Task material below:

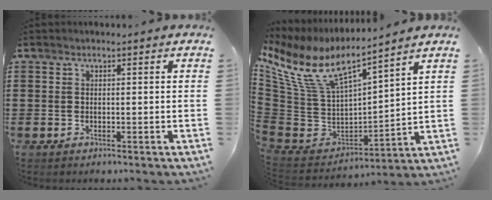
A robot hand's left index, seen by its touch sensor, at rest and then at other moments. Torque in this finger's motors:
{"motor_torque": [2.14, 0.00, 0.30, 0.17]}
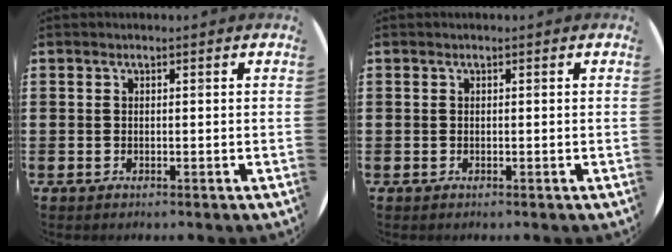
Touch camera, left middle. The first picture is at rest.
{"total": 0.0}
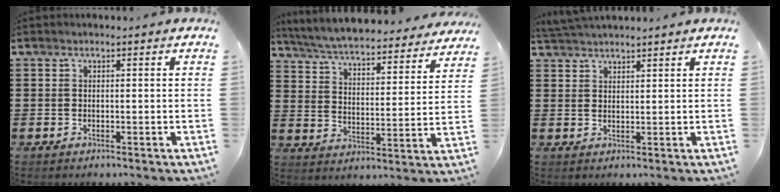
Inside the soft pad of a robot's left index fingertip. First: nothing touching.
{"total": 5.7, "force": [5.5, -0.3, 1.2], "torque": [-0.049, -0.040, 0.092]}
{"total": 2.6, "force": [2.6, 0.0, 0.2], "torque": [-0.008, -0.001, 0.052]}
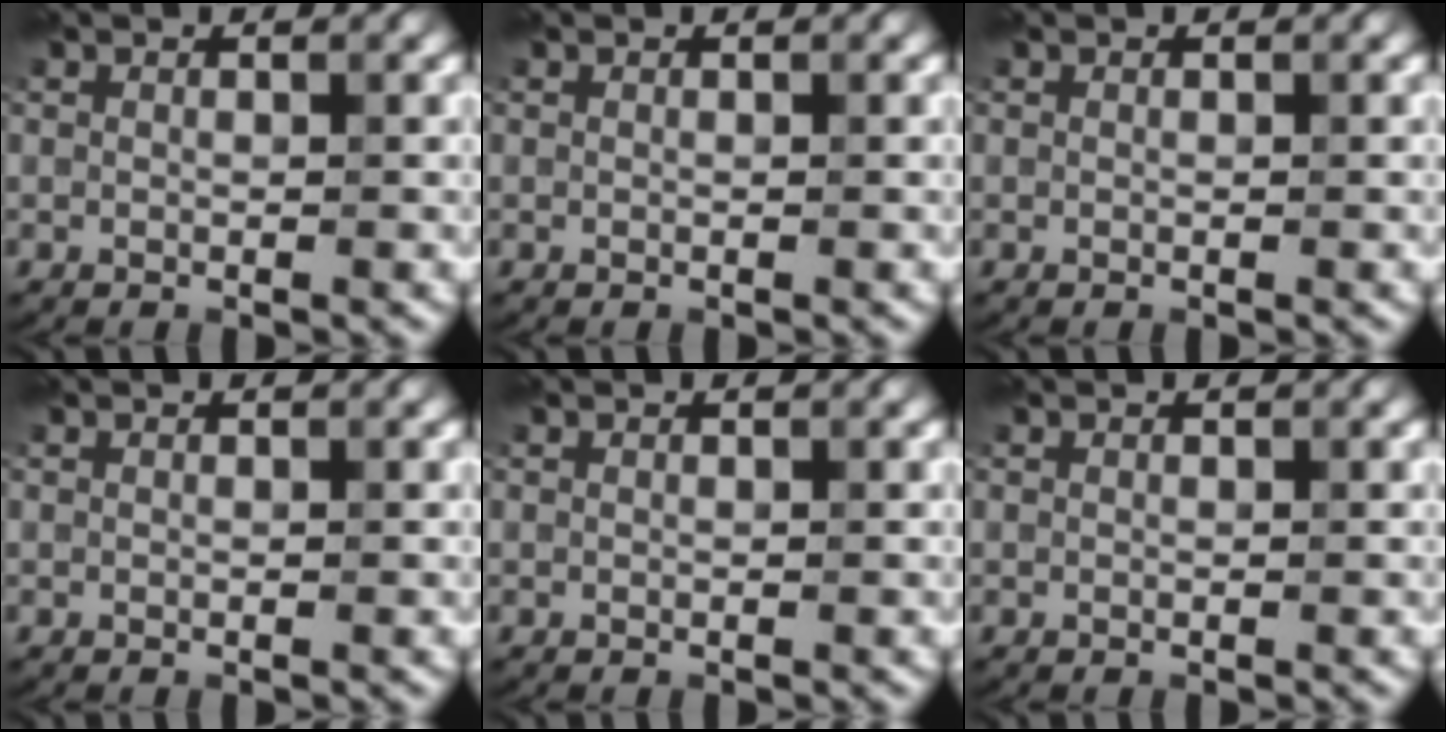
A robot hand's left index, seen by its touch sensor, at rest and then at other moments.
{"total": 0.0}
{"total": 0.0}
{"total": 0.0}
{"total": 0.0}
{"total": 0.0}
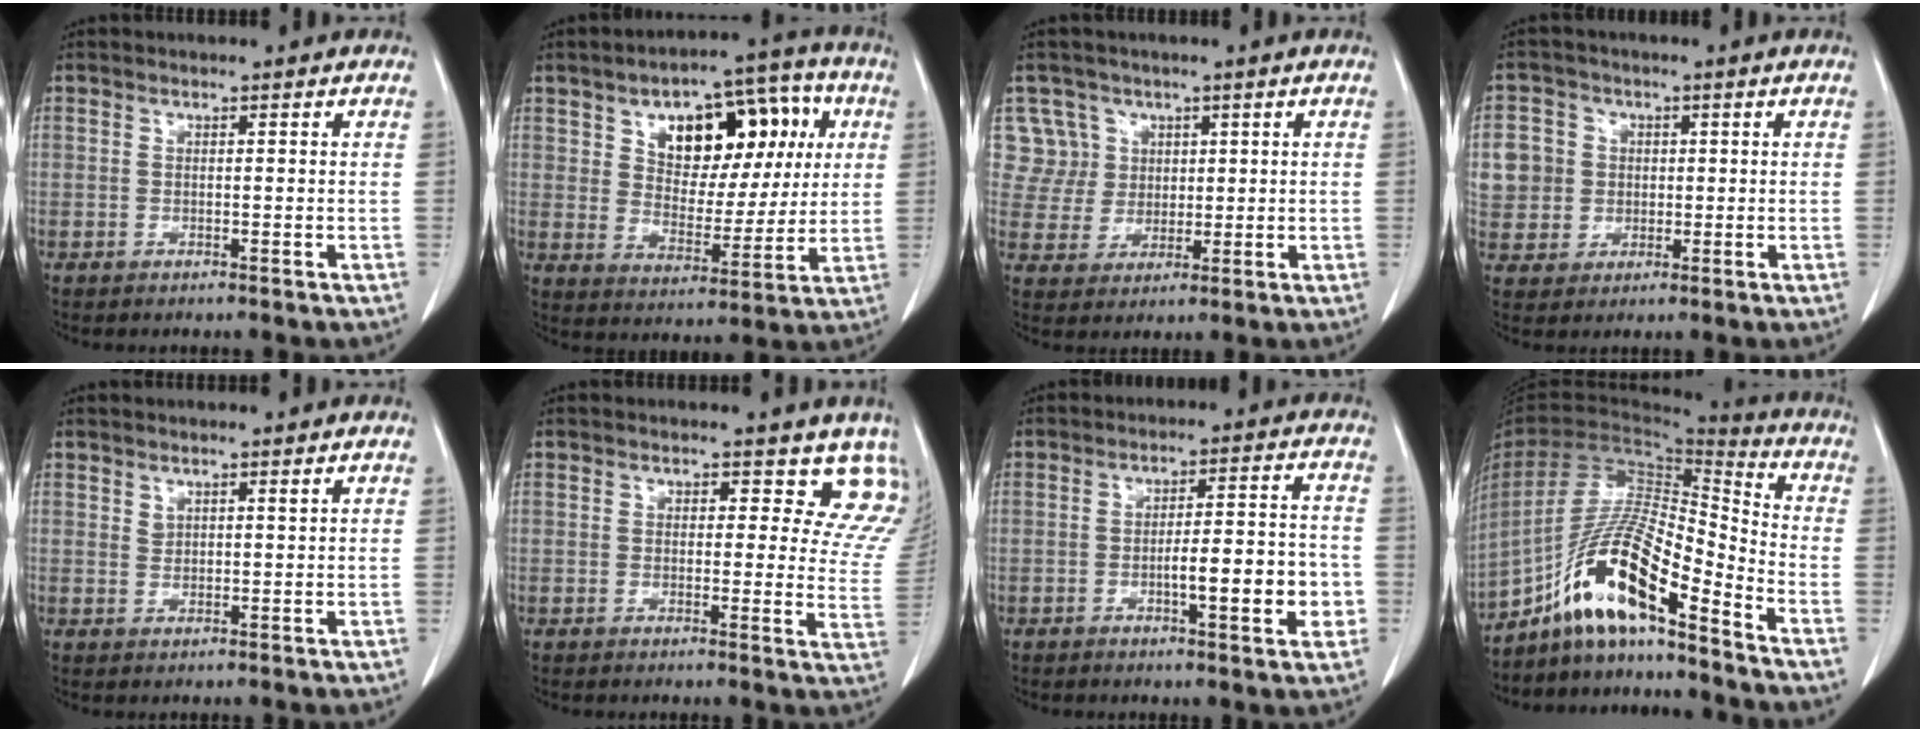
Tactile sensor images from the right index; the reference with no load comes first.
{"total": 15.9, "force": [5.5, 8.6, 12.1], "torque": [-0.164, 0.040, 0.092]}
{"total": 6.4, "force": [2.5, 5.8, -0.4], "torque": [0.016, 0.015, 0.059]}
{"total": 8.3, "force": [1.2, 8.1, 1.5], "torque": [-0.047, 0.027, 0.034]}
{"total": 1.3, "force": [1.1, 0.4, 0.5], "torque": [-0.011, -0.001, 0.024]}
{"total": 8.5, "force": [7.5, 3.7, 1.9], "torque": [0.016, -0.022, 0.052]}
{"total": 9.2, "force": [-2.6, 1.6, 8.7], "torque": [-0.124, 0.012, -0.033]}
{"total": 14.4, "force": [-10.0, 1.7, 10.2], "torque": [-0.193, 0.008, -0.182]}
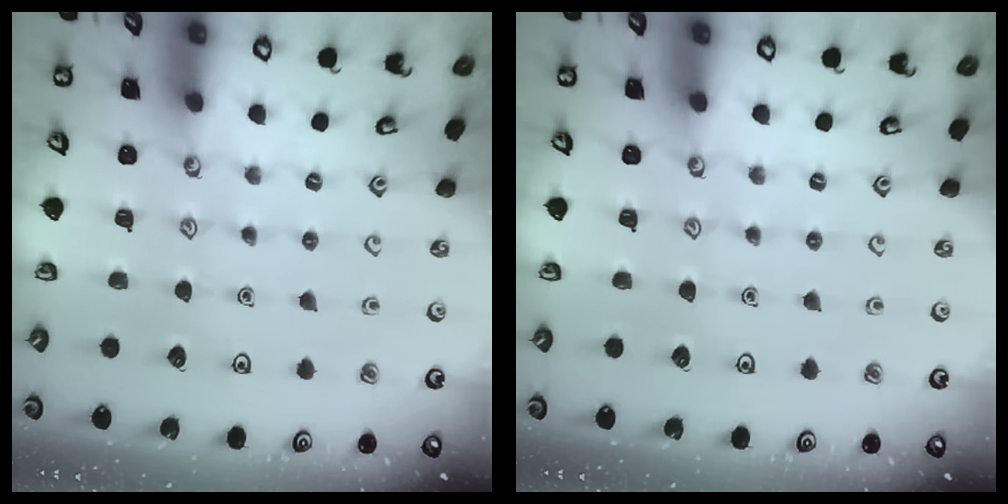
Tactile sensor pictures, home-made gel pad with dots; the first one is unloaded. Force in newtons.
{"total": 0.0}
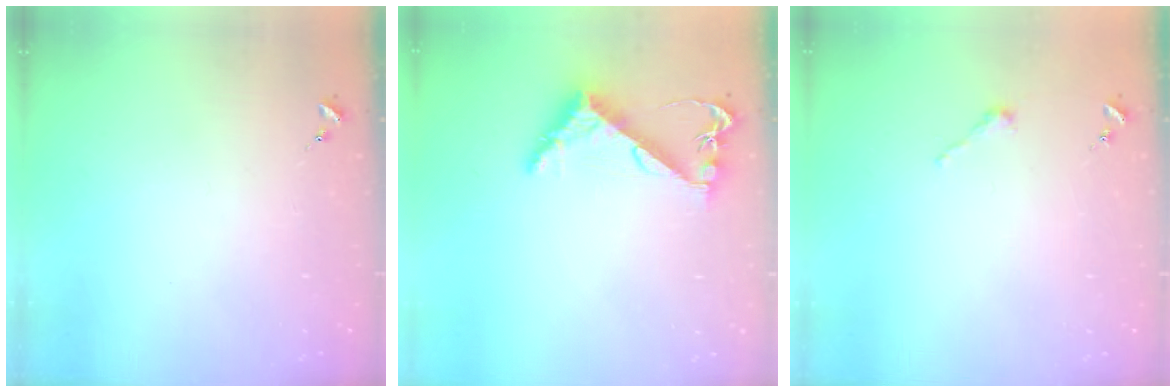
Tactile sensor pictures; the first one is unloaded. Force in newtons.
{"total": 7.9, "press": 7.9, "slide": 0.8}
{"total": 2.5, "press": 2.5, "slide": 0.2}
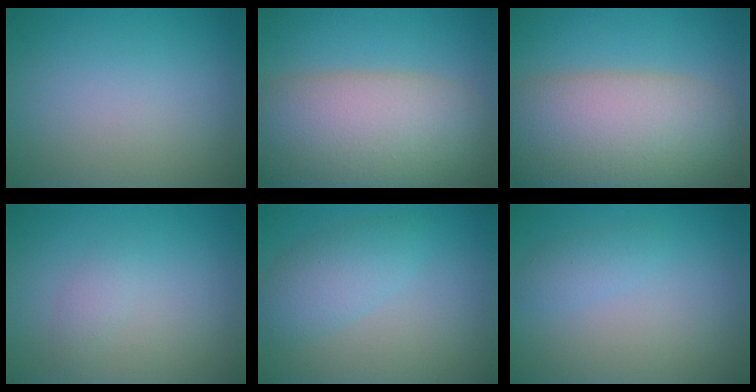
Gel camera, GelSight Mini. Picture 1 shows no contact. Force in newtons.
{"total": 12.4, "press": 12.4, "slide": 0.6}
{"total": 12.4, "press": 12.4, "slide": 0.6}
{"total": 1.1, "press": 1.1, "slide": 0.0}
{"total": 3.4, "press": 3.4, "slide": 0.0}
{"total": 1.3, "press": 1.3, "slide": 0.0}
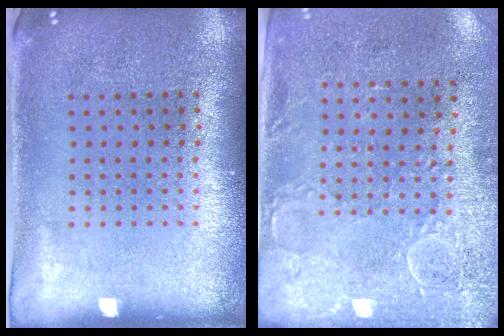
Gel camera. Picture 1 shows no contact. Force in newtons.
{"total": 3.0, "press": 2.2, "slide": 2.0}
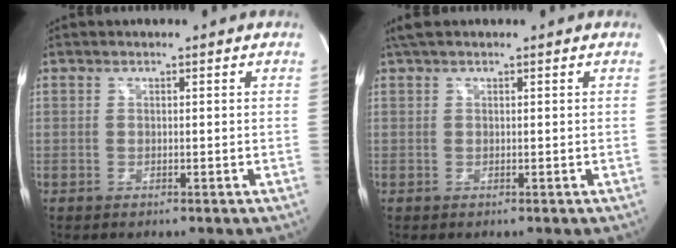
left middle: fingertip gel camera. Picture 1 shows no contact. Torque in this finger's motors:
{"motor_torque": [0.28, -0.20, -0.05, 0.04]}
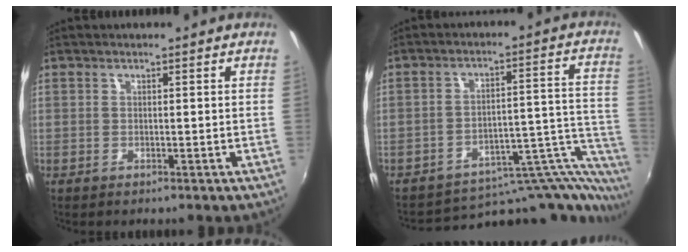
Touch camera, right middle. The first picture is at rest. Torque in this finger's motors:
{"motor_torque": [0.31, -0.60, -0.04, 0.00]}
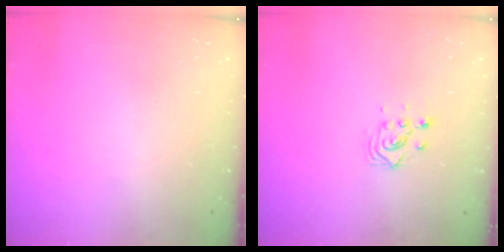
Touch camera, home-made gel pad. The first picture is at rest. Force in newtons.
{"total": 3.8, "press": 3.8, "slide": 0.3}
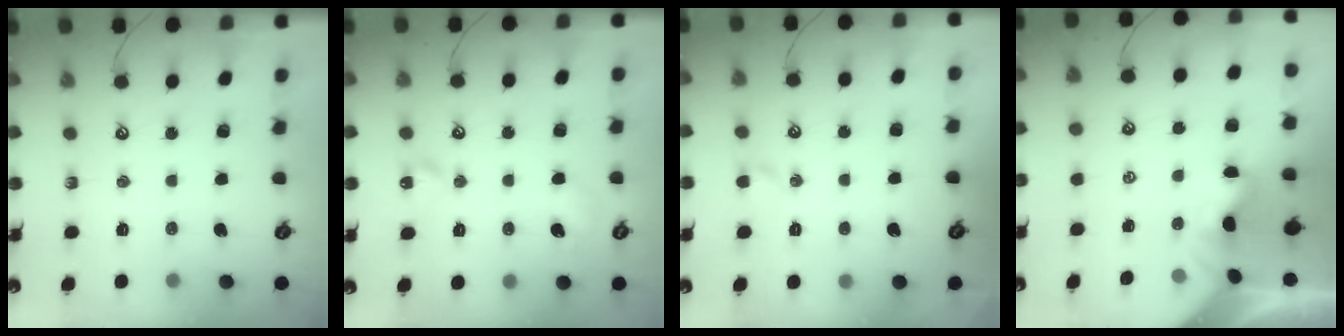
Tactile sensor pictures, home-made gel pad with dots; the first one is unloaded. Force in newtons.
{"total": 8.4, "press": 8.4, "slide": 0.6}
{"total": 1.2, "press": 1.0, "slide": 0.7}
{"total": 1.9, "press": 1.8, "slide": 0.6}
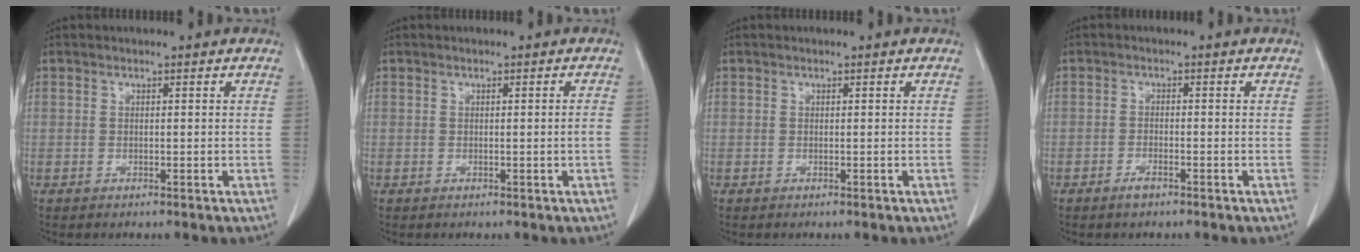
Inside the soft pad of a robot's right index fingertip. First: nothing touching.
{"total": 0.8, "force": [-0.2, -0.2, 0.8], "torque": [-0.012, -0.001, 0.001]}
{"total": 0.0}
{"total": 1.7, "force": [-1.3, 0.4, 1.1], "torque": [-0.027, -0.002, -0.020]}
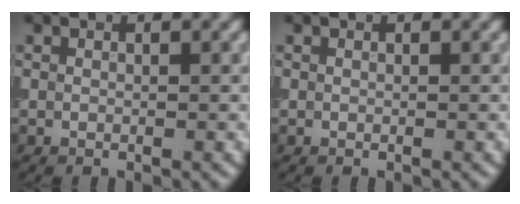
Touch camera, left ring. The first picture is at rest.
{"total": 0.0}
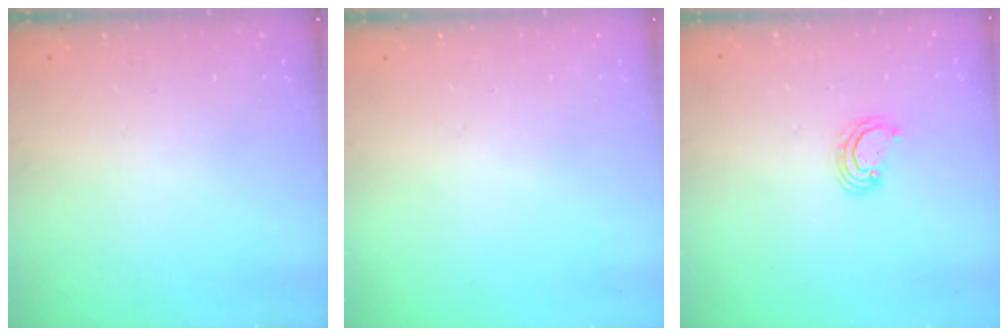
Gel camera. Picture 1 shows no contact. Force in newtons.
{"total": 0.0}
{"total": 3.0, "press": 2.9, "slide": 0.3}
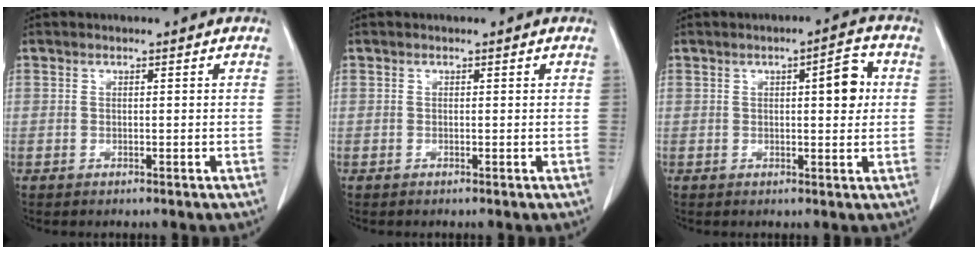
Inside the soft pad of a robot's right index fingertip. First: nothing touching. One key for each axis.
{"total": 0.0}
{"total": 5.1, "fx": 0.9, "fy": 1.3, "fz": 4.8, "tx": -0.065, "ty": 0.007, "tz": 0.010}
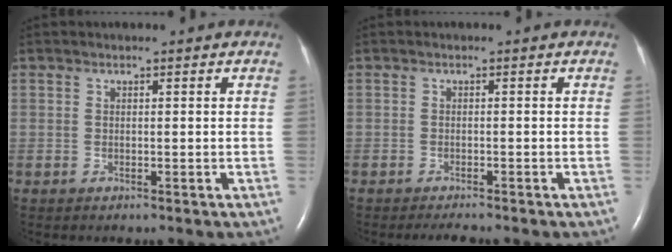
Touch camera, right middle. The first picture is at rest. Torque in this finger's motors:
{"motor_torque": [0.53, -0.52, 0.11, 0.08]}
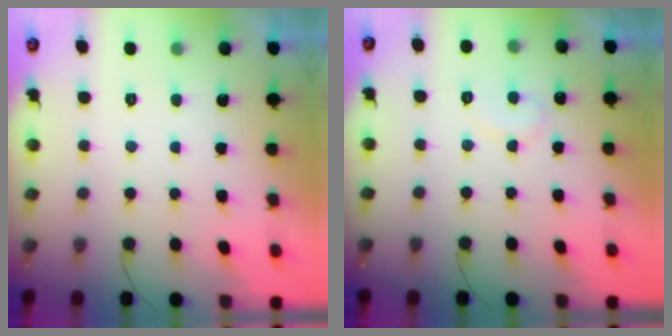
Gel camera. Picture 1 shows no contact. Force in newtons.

End of Task material.

Exercise aim
Take each line from the records and copy it unchanged, leaving images out.

Solution to the problem
A robot hand's left index, seen by its touch sensor, at rest and then at other moments. Torque in this finger's motors:
{"motor_torque": [2.14, 0.00, 0.30, 0.17]}
Touch camera, left middle. The first picture is at rest.
{"total": 0.0}
Inside the soft pad of a robot's left index fingertip. First: nothing touching.
{"total": 5.7, "force": [5.5, -0.3, 1.2], "torque": [-0.049, -0.040, 0.092]}
{"total": 2.6, "force": [2.6, 0.0, 0.2], "torque": [-0.008, -0.001, 0.052]}
A robot hand's left index, seen by its touch sensor, at rest and then at other moments.
{"total": 0.0}
{"total": 0.0}
{"total": 0.0}
{"total": 0.0}
{"total": 0.0}
Tactile sensor images from the right index; the reference with no load comes first.
{"total": 15.9, "force": [5.5, 8.6, 12.1], "torque": [-0.164, 0.040, 0.092]}
{"total": 6.4, "force": [2.5, 5.8, -0.4], "torque": [0.016, 0.015, 0.059]}
{"total": 8.3, "force": [1.2, 8.1, 1.5], "torque": [-0.047, 0.027, 0.034]}
{"total": 1.3, "force": [1.1, 0.4, 0.5], "torque": [-0.011, -0.001, 0.024]}
{"total": 8.5, "force": [7.5, 3.7, 1.9], "torque": [0.016, -0.022, 0.052]}
{"total": 9.2, "force": [-2.6, 1.6, 8.7], "torque": [-0.124, 0.012, -0.033]}
{"total": 14.4, "force": [-10.0, 1.7, 10.2], "torque": [-0.193, 0.008, -0.182]}
Tactile sensor pictures, home-made gel pad with dots; the first one is unloaded. Force in newtons.
{"total": 0.0}
Tactile sensor pictures; the first one is unloaded. Force in newtons.
{"total": 7.9, "press": 7.9, "slide": 0.8}
{"total": 2.5, "press": 2.5, "slide": 0.2}
Gel camera, GelSight Mini. Picture 1 shows no contact. Force in newtons.
{"total": 12.4, "press": 12.4, "slide": 0.6}
{"total": 12.4, "press": 12.4, "slide": 0.6}
{"total": 1.1, "press": 1.1, "slide": 0.0}
{"total": 3.4, "press": 3.4, "slide": 0.0}
{"total": 1.3, "press": 1.3, "slide": 0.0}
Gel camera. Picture 1 shows no contact. Force in newtons.
{"total": 3.0, "press": 2.2, "slide": 2.0}
left middle: fingertip gel camera. Picture 1 shows no contact. Torque in this finger's motors:
{"motor_torque": [0.28, -0.20, -0.05, 0.04]}
Touch camera, right middle. The first picture is at rest. Torque in this finger's motors:
{"motor_torque": [0.31, -0.60, -0.04, 0.00]}
Touch camera, home-made gel pad. The first picture is at rest. Force in newtons.
{"total": 3.8, "press": 3.8, "slide": 0.3}
Tactile sensor pictures, home-made gel pad with dots; the first one is unloaded. Force in newtons.
{"total": 8.4, "press": 8.4, "slide": 0.6}
{"total": 1.2, "press": 1.0, "slide": 0.7}
{"total": 1.9, "press": 1.8, "slide": 0.6}
Inside the soft pad of a robot's right index fingertip. First: nothing touching.
{"total": 0.8, "force": [-0.2, -0.2, 0.8], "torque": [-0.012, -0.001, 0.001]}
{"total": 0.0}
{"total": 1.7, "force": [-1.3, 0.4, 1.1], "torque": [-0.027, -0.002, -0.020]}
Touch camera, left ring. The first picture is at rest.
{"total": 0.0}
Gel camera. Picture 1 shows no contact. Force in newtons.
{"total": 0.0}
{"total": 3.0, "press": 2.9, "slide": 0.3}
Inside the soft pad of a robot's right index fingertip. First: nothing touching. One key for each axis.
{"total": 0.0}
{"total": 5.1, "fx": 0.9, "fy": 1.3, "fz": 4.8, "tx": -0.065, "ty": 0.007, "tz": 0.010}
Touch camera, right middle. The first picture is at rest. Torque in this finger's motors:
{"motor_torque": [0.53, -0.52, 0.11, 0.08]}
Gel camera. Picture 1 shows no contact. Force in newtons.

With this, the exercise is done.